06 November 2010

Being There

I am reading Eat, Pray, Love. I haven't seen the movie; I like to have read the book first because, being a librarian, I start with the premise that the book is always better. (Sorry Hollywood.) Sometimes I enjoy the movie very much, as it turns out. Still, I find that having read the book seems more fair to the author's point of view and that the movie should be judged against the book and not the other way around.


I am at chapter 24. I find that I am moved by a passage in which the author (the book is written in the first person) describes her progress in learning to speak Italian. She is speaking with her tutor and they are exchanging idioms. She is teaching him "I've been there" as an American way of saying "I sympathize with what you are feeling." Being a word-geek, I liked taking that moment with the author, Elizabeth Gilbert, to contemplate the nuances of this phrase. It's an exercise we should take from time to time.

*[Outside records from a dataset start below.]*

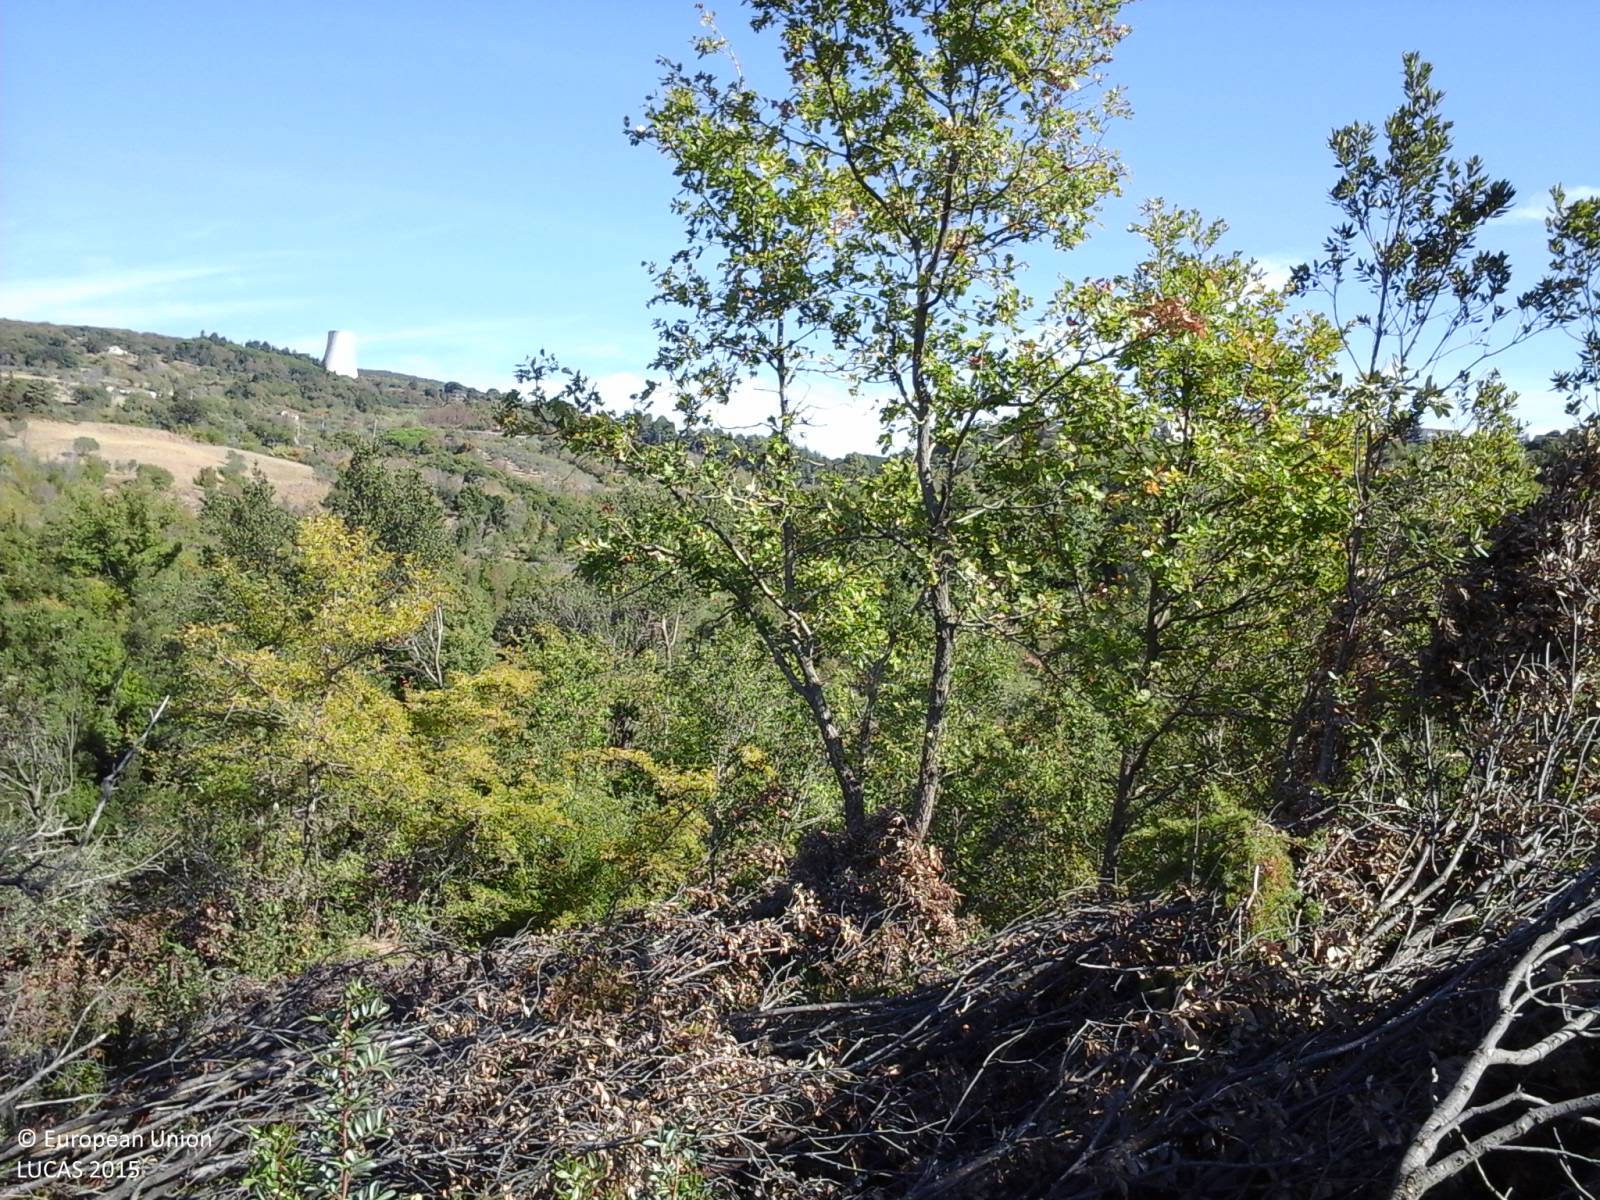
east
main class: Woodland
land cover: Broadleaved woodland
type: thermophilous deciduous forest
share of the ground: > 75 %
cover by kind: broadleaved forest trees 80 %, shrubs 20 %
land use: Forestry
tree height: > 5 m
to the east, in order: Broadleaved woodland
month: September
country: IT
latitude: 43.1380
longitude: 10.8457
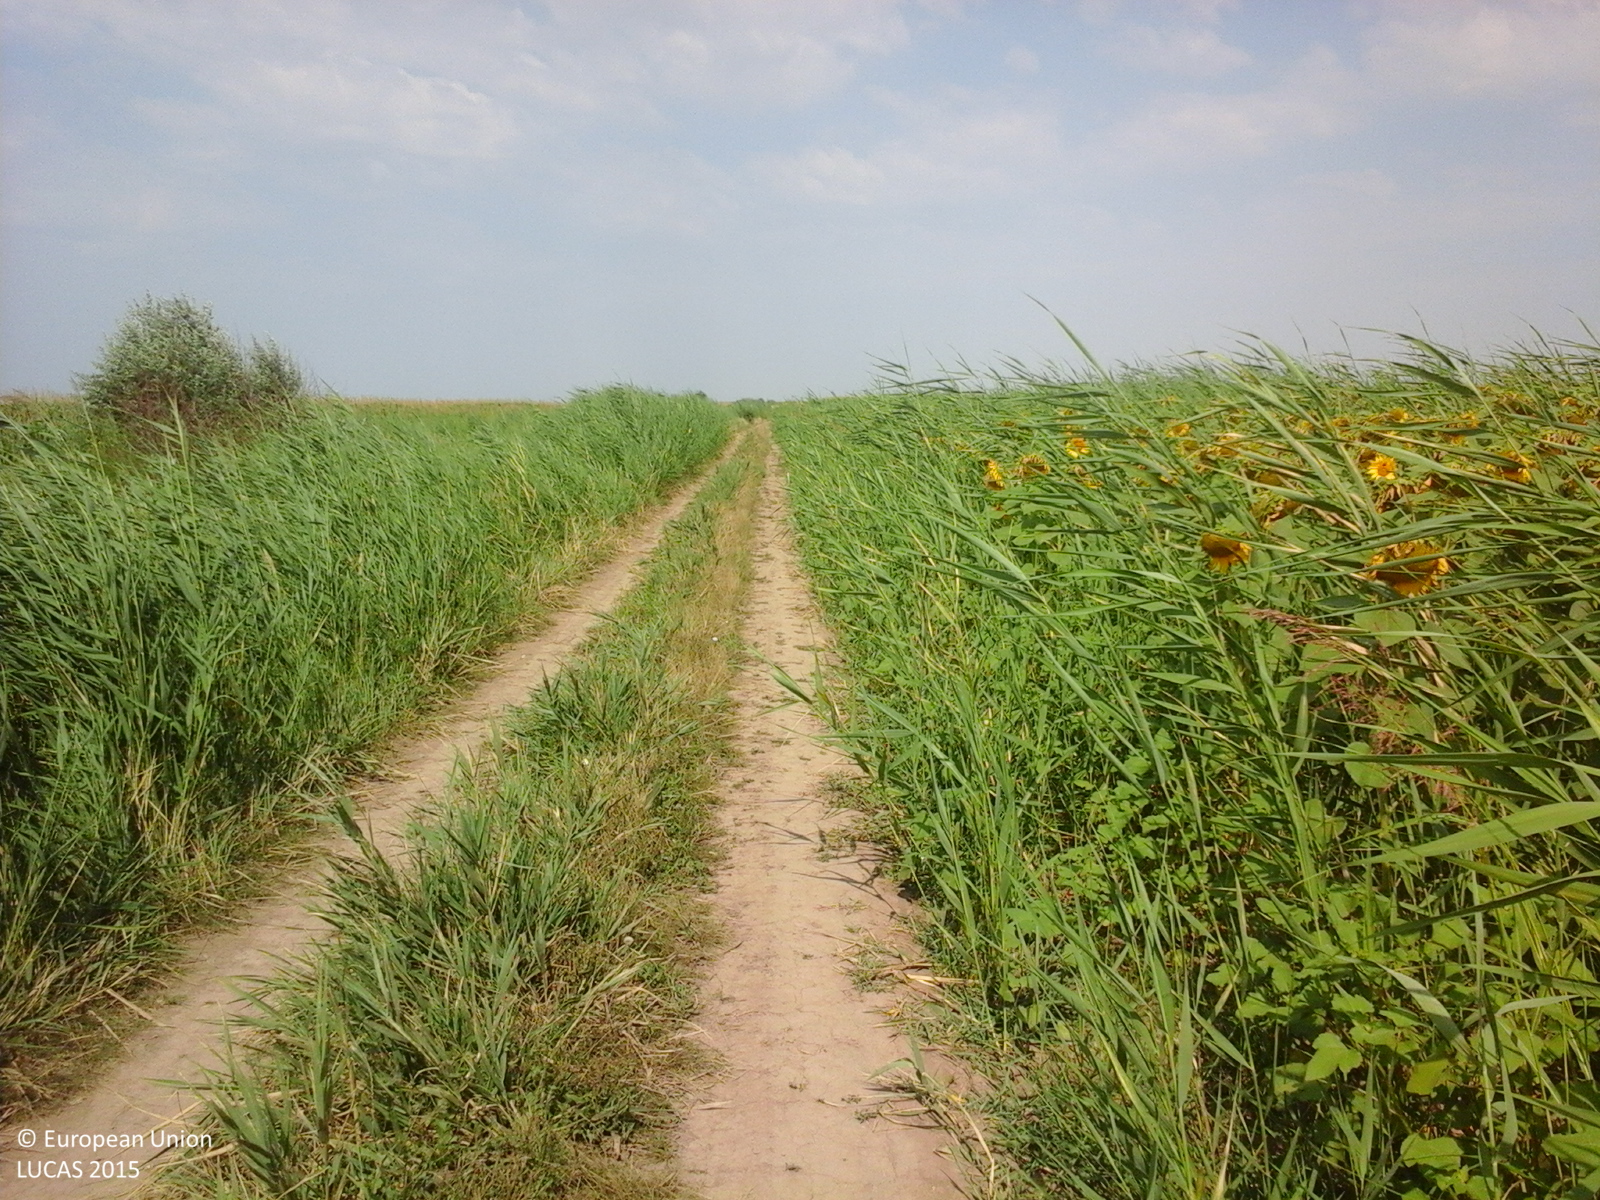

"I've been there," has a couple of manifestations: simply saying "I've been there" is a way of saying "I have walked along in the same unmarked path of grief, sadness, discouragement, or pain and I am letting you know that up ahead you will pick up a trail again. Up around a big bend on the trail, you'll finally come to a road and it will lead you back to a big sunny place." Thankfully, we don't have to say any such awful, bulky, ponderous thing. We just say "I've been there." The American person we are addressing then understands that we have felt pain similar to theirs and adds in all the rest of the meaning. Isn't commonality of expression a wonderful thing?

Sometimes, in lighter situations, we say "Been there; done that." Or even "Been there; done that; bought the T-shirt." The first meaning that we have had a similar experience, the second meaning we have done it more than once, or done it in such a big way as to have earned a sort of membership.

Ms. Gilbert's tutor is, at first, mystified by the idea: you've been where? The phrase suggests, in his practical approach to English, that there is a physical place. And, in a way, she explains, it is. It may be a place in your head, but it resides somewhere that both speaker and listener understand.

The tutor then offers his own version: "I have experienced that on my own skin." Like a burn or a scar, Ms. Gilbert clarifies. How wonderfully expressive! Instead of a geographic image, as in the American version, Italians offer the place as themselves in an equally present and physical (and painful) metaphor. The difference is fascinating. In the American version, one sympathizes with the lost feeling, with the sufferer's environment of separateness. In the Italian version, one experiences the personal, visceral pain as a trauma to the body.  What does this reflect about how each of us sees the world?